For non-libertarians, the thesis is of even greater interest. If mandatory vaccination can be vindicated even within a libertarian framework, that shows that the case for mandatory vaccination is indeed very strong. Starting with a libertarian framework seems to load the dice against mandatory vaccination. Libertarians hold it is unjust and impermissible to force or coerce individuals to act to promote the common good. Some libertarians accept that citizens have stringent but unenforceable moral duties to promote the common good, but they reject the view that governments may coerce individuals to do so. Libertarians place high value on individual rights and autonomy, and see rights as stringent side constraints that prohibit certain ways of promoting the common good (pp. 35–6)1 (pp. 28–34).2 Libertarians will not accept mandatory vaccination simply because cost–benefit analysis recommends it, that is, because the goods outweigh the harms. But suppose we can show that even libertarians can accept or champion mandatory vaccination. That means that the policy can be justified even if we start with premises that appear to load the philosophical deck against it.
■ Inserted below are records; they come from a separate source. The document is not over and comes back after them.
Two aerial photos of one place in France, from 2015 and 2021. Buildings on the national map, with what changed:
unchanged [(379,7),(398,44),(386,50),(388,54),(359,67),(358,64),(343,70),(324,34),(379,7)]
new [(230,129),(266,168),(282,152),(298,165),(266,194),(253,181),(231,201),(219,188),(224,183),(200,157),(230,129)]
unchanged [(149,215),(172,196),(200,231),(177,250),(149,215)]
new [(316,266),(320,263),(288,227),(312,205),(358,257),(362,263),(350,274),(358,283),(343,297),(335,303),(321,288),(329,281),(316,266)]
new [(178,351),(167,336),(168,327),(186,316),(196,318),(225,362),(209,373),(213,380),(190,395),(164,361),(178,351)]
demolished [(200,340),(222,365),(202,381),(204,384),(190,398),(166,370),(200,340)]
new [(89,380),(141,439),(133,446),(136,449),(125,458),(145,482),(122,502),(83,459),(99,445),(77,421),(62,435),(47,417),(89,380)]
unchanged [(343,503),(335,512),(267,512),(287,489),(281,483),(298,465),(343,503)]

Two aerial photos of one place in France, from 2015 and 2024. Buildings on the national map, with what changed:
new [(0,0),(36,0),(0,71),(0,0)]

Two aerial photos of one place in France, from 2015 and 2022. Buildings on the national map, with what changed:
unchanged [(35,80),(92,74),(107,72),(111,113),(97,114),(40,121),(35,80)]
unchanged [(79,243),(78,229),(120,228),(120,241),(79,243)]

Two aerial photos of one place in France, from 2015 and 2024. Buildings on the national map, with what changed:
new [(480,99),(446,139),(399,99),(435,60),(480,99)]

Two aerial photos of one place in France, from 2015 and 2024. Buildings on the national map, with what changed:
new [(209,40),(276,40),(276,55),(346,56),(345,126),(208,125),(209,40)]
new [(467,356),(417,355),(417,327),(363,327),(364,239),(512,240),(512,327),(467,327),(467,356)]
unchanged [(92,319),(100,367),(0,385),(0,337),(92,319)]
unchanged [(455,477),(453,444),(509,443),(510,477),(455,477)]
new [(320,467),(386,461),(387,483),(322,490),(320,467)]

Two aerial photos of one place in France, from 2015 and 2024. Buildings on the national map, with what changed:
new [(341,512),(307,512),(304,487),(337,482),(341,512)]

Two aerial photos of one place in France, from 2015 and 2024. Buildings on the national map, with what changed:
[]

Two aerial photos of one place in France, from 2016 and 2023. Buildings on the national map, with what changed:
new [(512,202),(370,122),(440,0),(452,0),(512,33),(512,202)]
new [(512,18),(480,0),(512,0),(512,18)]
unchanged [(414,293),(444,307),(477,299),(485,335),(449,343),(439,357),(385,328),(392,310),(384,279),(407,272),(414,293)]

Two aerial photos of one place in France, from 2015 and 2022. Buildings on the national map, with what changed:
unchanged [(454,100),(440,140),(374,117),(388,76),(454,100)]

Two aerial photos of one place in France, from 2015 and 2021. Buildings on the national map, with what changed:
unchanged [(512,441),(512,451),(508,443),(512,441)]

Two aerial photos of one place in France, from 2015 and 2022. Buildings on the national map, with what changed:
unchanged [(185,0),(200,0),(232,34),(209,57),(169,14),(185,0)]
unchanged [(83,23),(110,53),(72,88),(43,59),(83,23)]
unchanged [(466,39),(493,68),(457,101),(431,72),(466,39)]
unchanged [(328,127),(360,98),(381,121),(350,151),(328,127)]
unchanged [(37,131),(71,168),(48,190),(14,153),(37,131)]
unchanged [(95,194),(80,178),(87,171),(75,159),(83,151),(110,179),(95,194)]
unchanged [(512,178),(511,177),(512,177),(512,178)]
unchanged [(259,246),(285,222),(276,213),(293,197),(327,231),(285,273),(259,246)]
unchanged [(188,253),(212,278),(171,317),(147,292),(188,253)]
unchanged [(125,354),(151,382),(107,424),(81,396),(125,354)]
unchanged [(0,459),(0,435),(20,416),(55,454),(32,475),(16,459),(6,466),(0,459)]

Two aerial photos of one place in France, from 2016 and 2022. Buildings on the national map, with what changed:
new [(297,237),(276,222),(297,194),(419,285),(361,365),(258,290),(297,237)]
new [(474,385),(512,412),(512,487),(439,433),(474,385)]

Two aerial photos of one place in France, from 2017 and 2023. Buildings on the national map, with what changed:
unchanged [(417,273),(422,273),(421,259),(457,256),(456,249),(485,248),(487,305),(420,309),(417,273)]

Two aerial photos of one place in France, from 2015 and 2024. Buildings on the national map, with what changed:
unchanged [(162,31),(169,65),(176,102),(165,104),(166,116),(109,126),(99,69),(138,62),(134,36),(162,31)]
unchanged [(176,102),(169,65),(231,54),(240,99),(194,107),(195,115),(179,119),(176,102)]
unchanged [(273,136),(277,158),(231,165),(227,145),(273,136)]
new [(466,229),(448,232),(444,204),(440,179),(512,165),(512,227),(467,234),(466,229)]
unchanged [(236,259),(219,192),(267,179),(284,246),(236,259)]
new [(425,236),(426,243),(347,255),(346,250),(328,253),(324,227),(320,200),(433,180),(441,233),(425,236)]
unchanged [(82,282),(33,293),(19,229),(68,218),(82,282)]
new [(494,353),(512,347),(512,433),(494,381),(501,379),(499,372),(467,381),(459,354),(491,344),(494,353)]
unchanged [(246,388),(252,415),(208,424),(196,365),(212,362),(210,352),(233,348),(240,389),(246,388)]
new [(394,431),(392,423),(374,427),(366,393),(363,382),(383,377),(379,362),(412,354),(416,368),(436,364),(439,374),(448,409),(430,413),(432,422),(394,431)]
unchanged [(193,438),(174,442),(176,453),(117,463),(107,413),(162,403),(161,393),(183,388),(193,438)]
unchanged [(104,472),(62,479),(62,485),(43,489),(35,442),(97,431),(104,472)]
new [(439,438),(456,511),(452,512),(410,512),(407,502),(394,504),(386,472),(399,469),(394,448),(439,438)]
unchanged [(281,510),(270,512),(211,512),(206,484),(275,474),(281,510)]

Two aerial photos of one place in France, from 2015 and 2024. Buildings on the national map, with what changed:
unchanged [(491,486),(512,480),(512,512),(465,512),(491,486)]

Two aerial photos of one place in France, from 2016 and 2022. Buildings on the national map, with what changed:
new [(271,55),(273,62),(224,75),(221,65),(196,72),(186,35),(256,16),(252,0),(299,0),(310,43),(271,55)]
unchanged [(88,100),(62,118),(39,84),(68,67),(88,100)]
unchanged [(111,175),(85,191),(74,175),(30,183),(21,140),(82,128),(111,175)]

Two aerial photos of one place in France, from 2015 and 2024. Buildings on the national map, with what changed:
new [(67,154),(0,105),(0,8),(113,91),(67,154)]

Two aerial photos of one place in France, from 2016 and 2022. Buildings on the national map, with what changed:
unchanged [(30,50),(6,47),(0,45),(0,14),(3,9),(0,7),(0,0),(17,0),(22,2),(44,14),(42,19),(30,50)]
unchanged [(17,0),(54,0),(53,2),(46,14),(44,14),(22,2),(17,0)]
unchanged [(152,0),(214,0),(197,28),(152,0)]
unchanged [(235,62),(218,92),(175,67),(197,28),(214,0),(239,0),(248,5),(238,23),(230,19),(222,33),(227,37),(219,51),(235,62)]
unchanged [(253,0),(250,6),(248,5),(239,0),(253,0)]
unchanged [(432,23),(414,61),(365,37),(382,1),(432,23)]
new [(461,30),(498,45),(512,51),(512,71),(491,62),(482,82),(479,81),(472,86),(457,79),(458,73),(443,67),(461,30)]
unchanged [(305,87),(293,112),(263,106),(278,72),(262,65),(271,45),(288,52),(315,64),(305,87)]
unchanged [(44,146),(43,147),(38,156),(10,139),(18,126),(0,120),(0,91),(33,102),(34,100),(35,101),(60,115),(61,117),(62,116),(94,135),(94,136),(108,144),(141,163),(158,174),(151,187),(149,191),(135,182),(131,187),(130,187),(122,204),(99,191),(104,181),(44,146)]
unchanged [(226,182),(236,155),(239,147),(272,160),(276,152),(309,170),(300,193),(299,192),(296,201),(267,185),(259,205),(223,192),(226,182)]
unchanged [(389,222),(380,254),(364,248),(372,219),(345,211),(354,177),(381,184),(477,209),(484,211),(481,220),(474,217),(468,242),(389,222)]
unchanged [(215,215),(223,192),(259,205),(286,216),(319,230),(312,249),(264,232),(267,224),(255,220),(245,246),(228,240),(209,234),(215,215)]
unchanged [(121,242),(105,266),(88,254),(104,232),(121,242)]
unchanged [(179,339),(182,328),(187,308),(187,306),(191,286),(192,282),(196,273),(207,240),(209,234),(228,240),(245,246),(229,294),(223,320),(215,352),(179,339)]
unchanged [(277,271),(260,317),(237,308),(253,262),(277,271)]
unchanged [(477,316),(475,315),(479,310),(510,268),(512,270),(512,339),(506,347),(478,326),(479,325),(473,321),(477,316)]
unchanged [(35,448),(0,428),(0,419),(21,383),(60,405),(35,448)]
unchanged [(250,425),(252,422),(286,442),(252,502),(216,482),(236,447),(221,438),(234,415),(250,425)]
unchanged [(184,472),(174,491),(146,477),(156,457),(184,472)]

As an analogy, consider one reading of David Gauthier's Morals by Agreement.3 Gauthier wants to show that it is rationale to accept moral constraints. But by starting with, and trying to ground morality on, value subjectivism and the assumption of egoism, he thereby begins with a starting point that loads the deck against morality. Someone who thinks these are implausible starting points might think the book is of little interest. However, an alternative way of thinking of the book is that if, at the end, Gauthier shows that moral constraints can be justified even with such premises, then the case for morality must be strong indeed. This paper means to do something similar on behalf of mandatory, government-enforced vaccination. I am not arguing that libertarianism is true, but rather that one can defend mandatory vaccination even if one begins with strongly individualist and antigovernment premises.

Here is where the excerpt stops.